This story is my entry to The Inklings Challenge 2022. If you’re unfamiliar, it’s a month-long writing event for Christian authors of fantasy and science fiction, inspired by a real challenge attempted by the original Inklings writing group. For this tumblr challenge, participants were randomly sorted into one of three groups, with each assigned to a different type of speculative fiction story inspired by their namesake. I was in the Chesterton group, so I chose the prompt “Intrusive Fantasy”: Stories where the fantastical elements intrude into the real world. There was also a prompt list of seven Christian images to incorporate into the themes of our stories. If you’d like to read more about the challenge, and read the other submissions, you can find all relevant links on the tumblr blog that is hosting the challenge!
Marcia squinted into the fog and cursed the night. Roiling storm clouds obscured the clear light of the full moon, casting shimmering beams and warping shadows over the bog. Wind whipped her short, straight hair across her face. It stuck in the corners of her mouth whenever she took a panting breath and flicked into her stinging eyes. For the dozenth time in half as many minutes, she swiped it behind her ears, frustratingly aware that it was a futile effort. The sky hadn’t opened into a downpour yet, but the freezing mist clung to her clothes, her clammy hands, her eyelashes. Any other night, she could hear frogs croaking, birds crying, and the water rippling as turtles breached, but now, only the howling gale filled her ears. She gritted her teeth and stomped forward aimlessly.
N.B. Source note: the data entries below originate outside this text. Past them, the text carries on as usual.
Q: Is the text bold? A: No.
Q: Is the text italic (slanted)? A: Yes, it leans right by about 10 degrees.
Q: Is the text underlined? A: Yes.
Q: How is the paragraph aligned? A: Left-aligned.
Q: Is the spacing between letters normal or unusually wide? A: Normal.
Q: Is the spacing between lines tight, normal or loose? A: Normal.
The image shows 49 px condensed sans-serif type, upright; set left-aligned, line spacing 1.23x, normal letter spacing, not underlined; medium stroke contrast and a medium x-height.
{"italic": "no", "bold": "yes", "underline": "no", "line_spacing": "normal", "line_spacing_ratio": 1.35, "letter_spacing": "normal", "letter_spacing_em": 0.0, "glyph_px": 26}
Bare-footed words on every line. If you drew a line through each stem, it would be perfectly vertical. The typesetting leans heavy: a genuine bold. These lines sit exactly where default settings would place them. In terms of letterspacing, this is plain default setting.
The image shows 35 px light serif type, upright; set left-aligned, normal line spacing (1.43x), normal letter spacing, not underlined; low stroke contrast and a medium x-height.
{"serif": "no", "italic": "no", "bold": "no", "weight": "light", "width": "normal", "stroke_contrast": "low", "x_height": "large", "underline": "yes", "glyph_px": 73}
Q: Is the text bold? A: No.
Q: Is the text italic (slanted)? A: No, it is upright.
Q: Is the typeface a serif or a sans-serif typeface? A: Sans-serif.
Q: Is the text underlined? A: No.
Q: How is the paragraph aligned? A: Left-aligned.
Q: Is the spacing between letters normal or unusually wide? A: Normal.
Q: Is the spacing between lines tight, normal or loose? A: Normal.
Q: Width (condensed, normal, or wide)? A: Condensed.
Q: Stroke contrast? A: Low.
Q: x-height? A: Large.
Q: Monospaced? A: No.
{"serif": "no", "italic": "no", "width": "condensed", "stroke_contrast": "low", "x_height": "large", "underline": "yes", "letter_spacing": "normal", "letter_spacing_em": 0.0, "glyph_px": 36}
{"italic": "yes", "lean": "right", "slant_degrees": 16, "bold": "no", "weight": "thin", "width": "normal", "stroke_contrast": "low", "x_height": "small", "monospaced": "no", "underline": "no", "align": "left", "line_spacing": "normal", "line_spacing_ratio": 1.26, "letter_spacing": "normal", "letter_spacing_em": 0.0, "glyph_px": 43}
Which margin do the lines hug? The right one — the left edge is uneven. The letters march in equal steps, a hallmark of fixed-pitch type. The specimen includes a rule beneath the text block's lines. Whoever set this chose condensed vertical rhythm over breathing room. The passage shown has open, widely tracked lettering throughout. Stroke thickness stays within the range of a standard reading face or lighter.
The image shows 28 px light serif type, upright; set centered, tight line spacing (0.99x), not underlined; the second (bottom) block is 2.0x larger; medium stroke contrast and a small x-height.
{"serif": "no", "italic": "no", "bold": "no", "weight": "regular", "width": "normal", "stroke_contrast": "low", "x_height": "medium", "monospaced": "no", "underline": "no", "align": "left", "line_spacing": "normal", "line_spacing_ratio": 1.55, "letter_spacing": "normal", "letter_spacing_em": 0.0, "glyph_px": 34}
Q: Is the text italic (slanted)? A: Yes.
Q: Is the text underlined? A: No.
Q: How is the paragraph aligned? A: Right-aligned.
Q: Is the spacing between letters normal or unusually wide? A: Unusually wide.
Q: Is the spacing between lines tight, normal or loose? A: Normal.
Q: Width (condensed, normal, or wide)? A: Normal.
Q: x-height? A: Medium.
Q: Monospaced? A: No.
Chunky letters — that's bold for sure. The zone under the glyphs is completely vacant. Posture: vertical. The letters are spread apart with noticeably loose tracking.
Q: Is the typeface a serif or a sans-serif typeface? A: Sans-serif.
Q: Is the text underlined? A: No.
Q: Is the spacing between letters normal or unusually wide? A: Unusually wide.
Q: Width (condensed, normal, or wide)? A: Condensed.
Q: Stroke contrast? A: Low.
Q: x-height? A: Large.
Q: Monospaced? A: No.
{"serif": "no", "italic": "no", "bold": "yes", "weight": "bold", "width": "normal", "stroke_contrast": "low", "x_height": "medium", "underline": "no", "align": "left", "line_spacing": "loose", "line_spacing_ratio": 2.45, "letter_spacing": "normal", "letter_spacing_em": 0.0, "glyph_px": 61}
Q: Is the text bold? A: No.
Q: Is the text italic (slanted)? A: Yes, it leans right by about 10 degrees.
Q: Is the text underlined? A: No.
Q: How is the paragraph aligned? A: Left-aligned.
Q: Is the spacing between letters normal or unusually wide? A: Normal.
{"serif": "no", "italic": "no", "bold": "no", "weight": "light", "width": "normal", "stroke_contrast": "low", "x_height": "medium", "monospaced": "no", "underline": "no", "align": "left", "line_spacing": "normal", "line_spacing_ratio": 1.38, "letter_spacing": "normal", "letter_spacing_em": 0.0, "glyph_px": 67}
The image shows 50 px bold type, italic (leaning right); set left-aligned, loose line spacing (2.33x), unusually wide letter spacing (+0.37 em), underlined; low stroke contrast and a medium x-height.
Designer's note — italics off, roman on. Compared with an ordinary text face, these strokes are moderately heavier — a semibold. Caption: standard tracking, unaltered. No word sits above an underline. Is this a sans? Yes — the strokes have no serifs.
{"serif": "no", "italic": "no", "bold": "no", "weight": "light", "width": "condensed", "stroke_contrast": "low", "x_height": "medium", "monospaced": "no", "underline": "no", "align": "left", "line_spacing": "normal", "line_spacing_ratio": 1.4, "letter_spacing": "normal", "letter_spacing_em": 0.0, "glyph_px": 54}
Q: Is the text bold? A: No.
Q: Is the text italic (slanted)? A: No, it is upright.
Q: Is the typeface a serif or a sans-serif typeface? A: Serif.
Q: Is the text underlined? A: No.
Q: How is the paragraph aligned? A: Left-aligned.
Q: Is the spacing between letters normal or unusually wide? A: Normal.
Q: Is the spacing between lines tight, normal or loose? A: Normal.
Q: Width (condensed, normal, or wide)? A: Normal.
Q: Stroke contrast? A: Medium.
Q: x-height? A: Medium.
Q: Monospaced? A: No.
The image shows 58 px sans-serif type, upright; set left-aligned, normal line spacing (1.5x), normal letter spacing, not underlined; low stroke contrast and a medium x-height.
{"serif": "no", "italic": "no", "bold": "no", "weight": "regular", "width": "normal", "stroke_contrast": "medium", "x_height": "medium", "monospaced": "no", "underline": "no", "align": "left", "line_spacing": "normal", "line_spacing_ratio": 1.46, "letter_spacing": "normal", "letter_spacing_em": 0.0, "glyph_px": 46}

This was all Conner’s fault.
He left her alone. It was his stupid idea to explore the abandoned dig site on Halloween without checking the weather. She asked him to stay in, just put on a spooky movie instead, but he whined she was boring, that they’d been planning this for weeks, that she’d be a coward to back out now. Their friends were coming, and they couldn’t cancel without looking lame. His friends. She’d never really got on with them. Especially Dan, who always reeked of cheap alcohol and cigarettes, and looked at her the way a vulture looked at fresh roadkill.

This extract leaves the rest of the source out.